Austrian economic thinking points out that only economic man struggling to satisfy his fellow man has the benefit of the marketplace to learn what people do and do not want. They don’t have that competitive marketplace to serve as a check on their ideas.
From my view, they have no competition to:
(1) assess if the money they are spending makes sense.
Envision that there were two competing schools. They are identical in all respects except one. One comes with all the latest and greatest computing. One come with the “old” LTSP model with old surplus hardware networked to one powerful server. Now clearly the “new” school would have to charge more for all that new hardware. Would the parents pay the difference to have their children go to the “new” school or would they e satisfied with the “old” school. There is no place to test if the extra money is well spent.
(2) in the “public school” funding model, the taxpayers don’t get a choice.
I am saddened by the implicit assumption that the school gets to use money for alternatives. It’s never given back to the poor taxpayer. Just keep using it and using it. Like a duck being fatten for pattefoigras. Just keep stuffing as much money as posible into the “education factory”. Without the discipline of the marketplace to tell a school administrator that they have reach the end of the marginal utility curve, how does a school administrator knwo when they have spent to much? When they have spent 200% of their budget and then whine in the press that there is never enough money. For the children.

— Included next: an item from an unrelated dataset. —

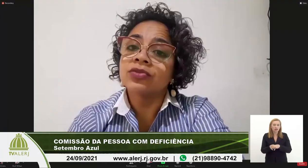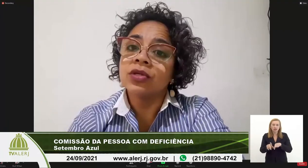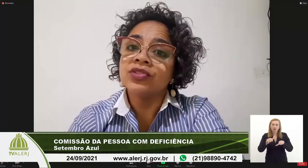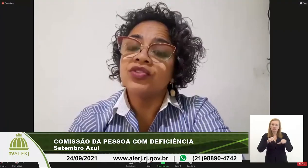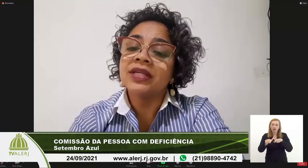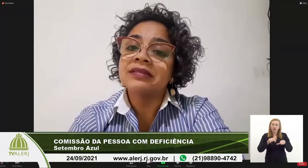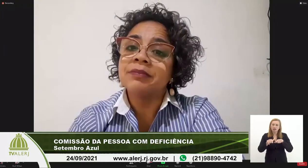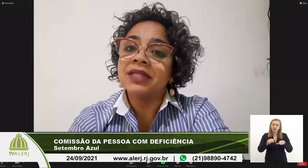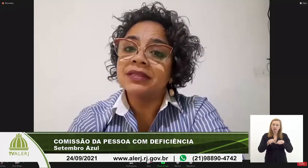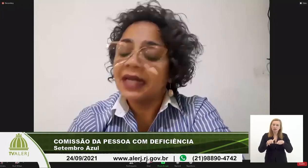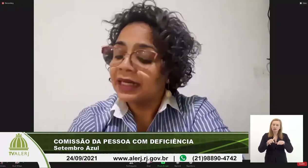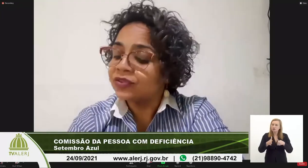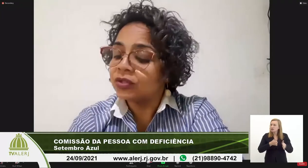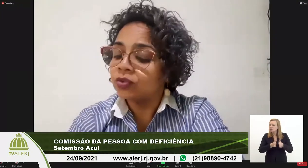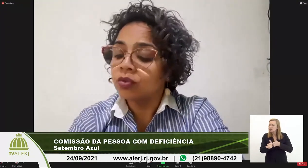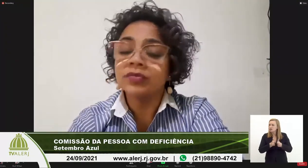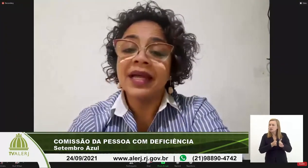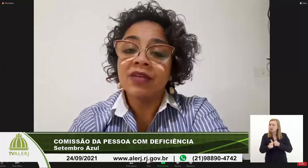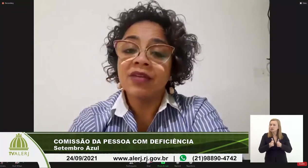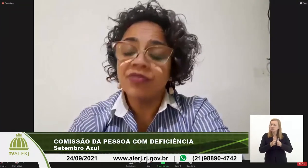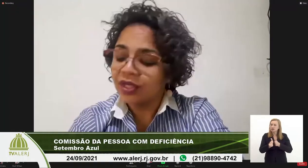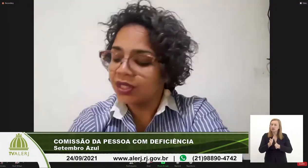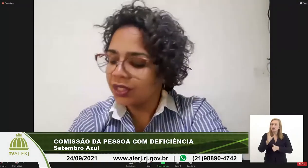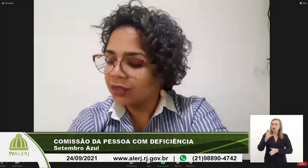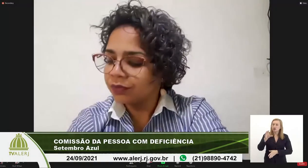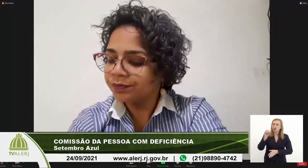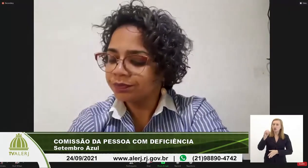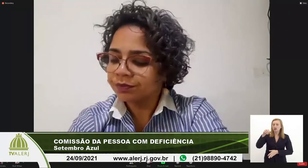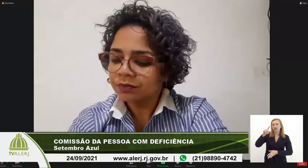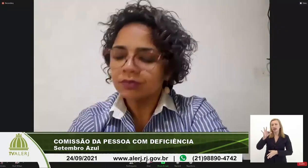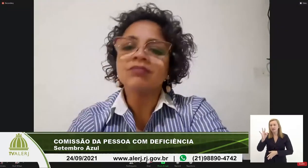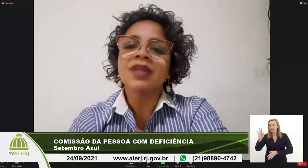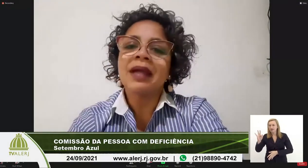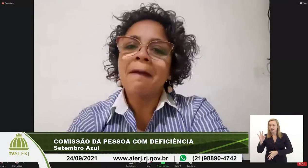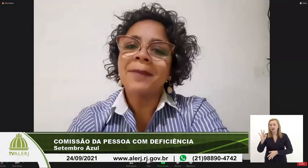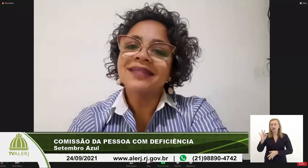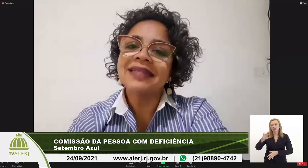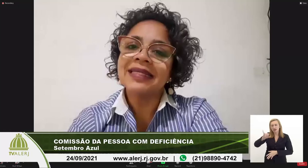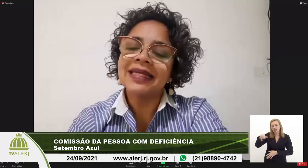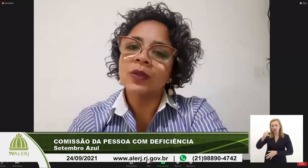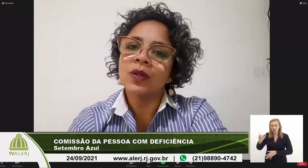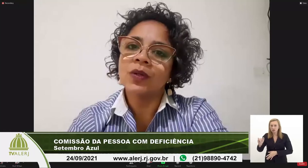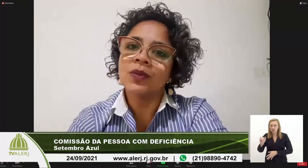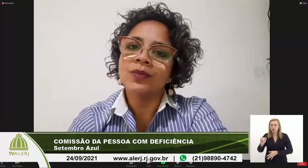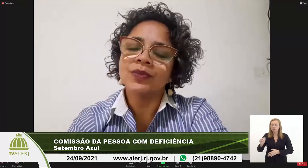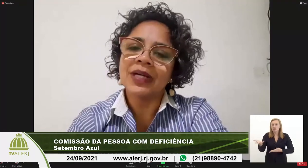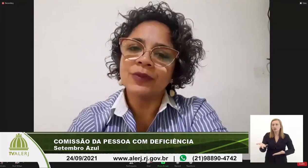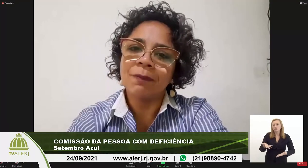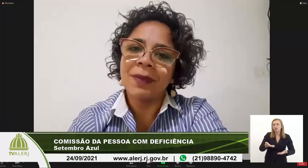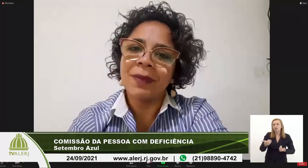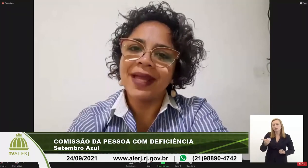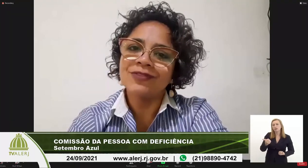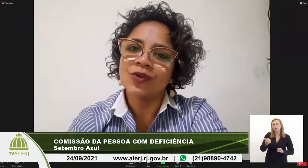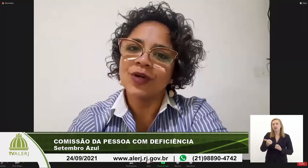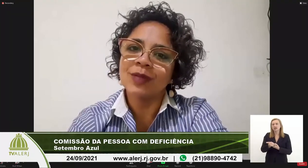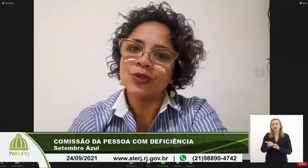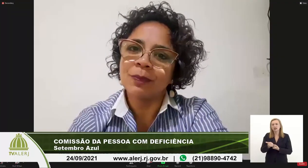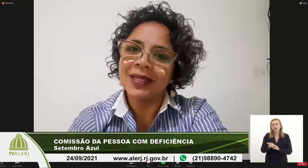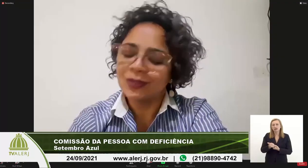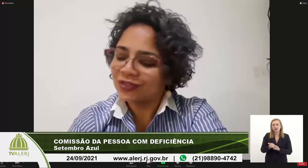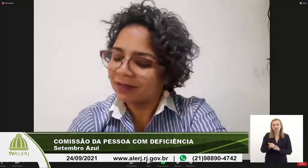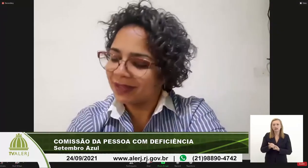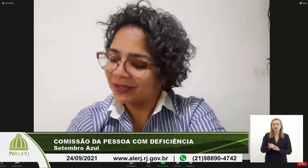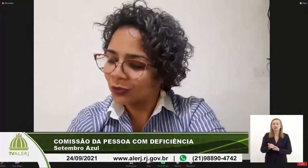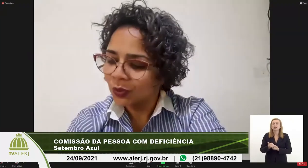atuações de acessibilidade no condeste rio parceria com a nuped conforme

When the taxpayers wake up and say we don’t want, or Intelligent Designer forbid, we can’t, to pay anymore, they will get the cold ice water bath of a “pair of dimes” (paradigm) shift.

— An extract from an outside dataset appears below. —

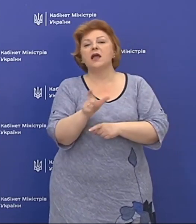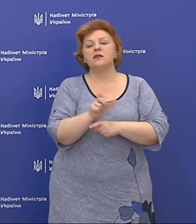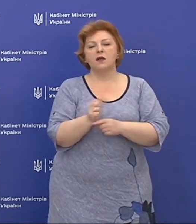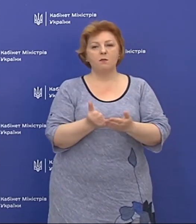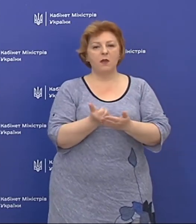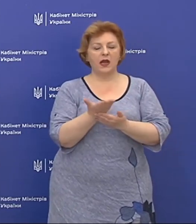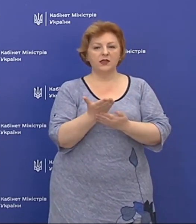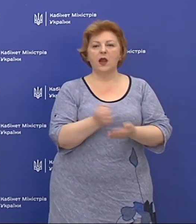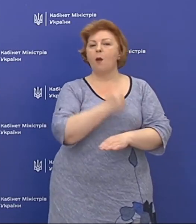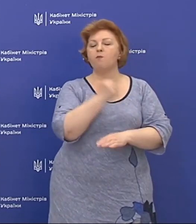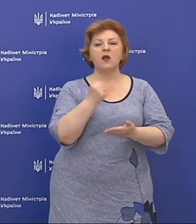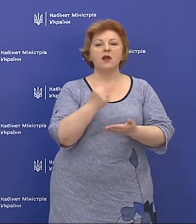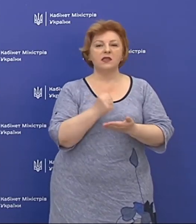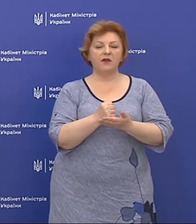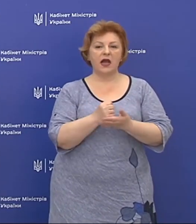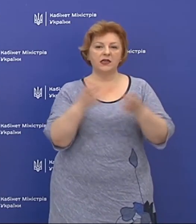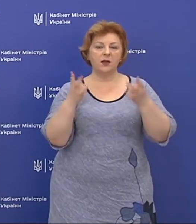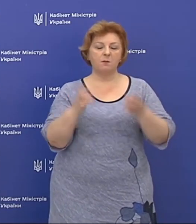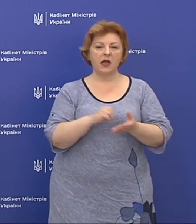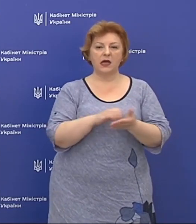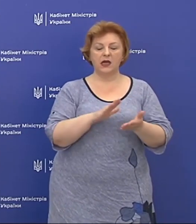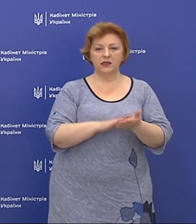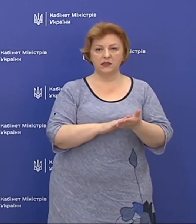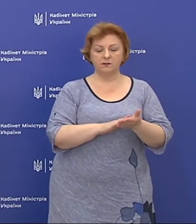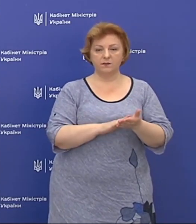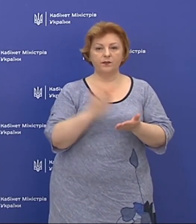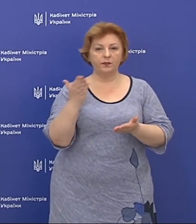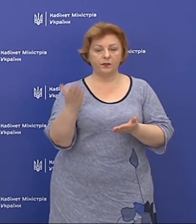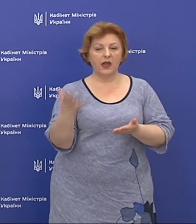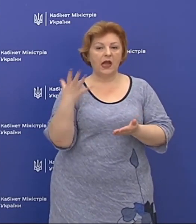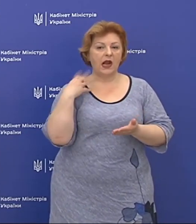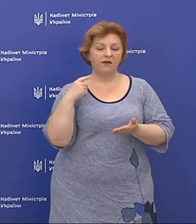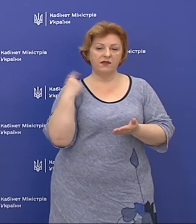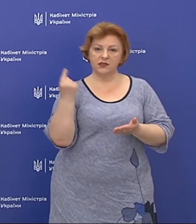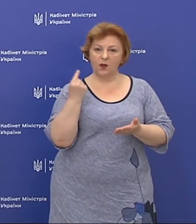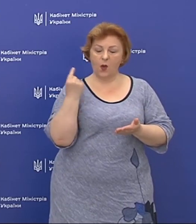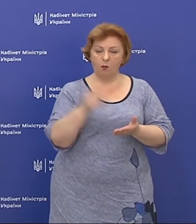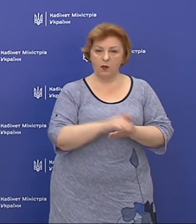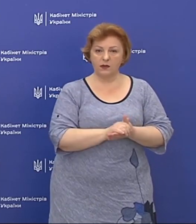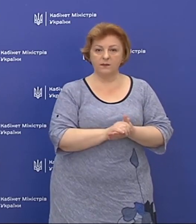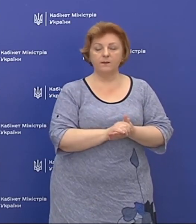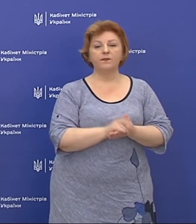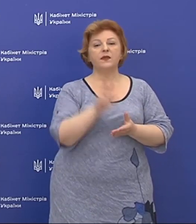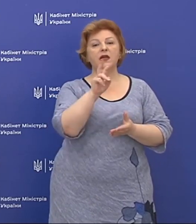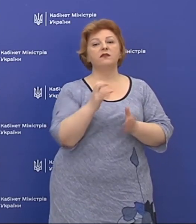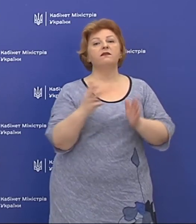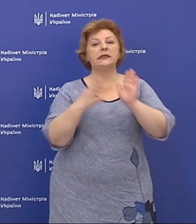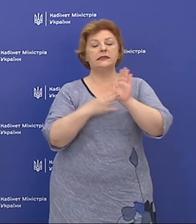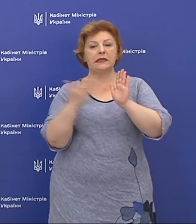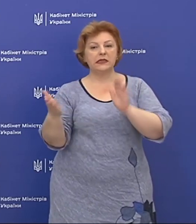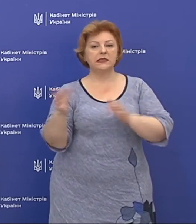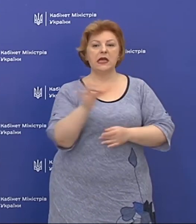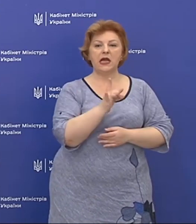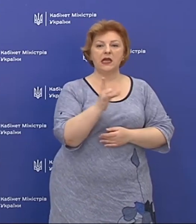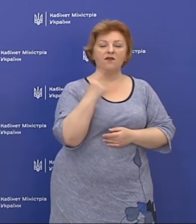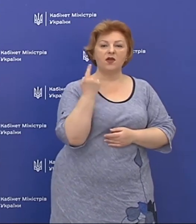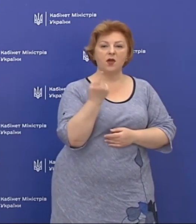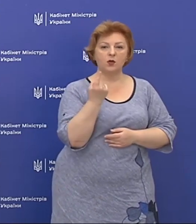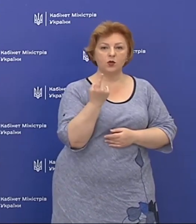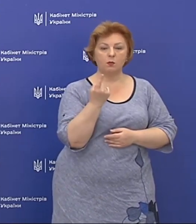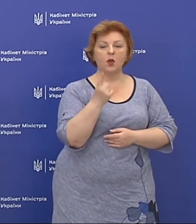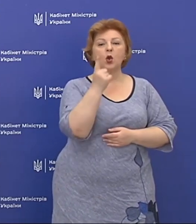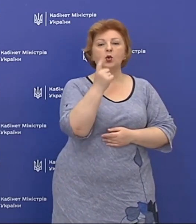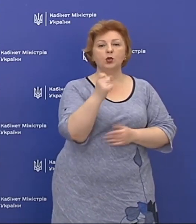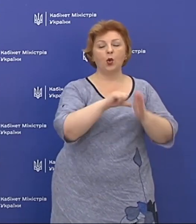кількість підтверджених випадків зареєстрована у Львівській області – 209, Рівненській області

The principles of the new paradigm will be: (1) Publik skools fail because there is no marketplace to discipline them. Marketplaces satisfy our needs by the greedy self-interest of providers. The ineffective or inefficient fail. We need failure so that we can fine tune how much resource is applied to the various human needs. (2) People want their children educated to suceed. He who has the gold makes the rules. The marketplace empowers the buyer to satisfy their various needs. Education is just one of those needs. (3) Government (gummamint) is the worst way to provide any social service. It really has only one role to protect us from violence and fraud. Citizens need to restrain it to only those functions. Gummamint running education is a conflict of interest; educated citizens are needed to restrict it to its proper role.
Can’t happen fast enough if we are as a nation to survive.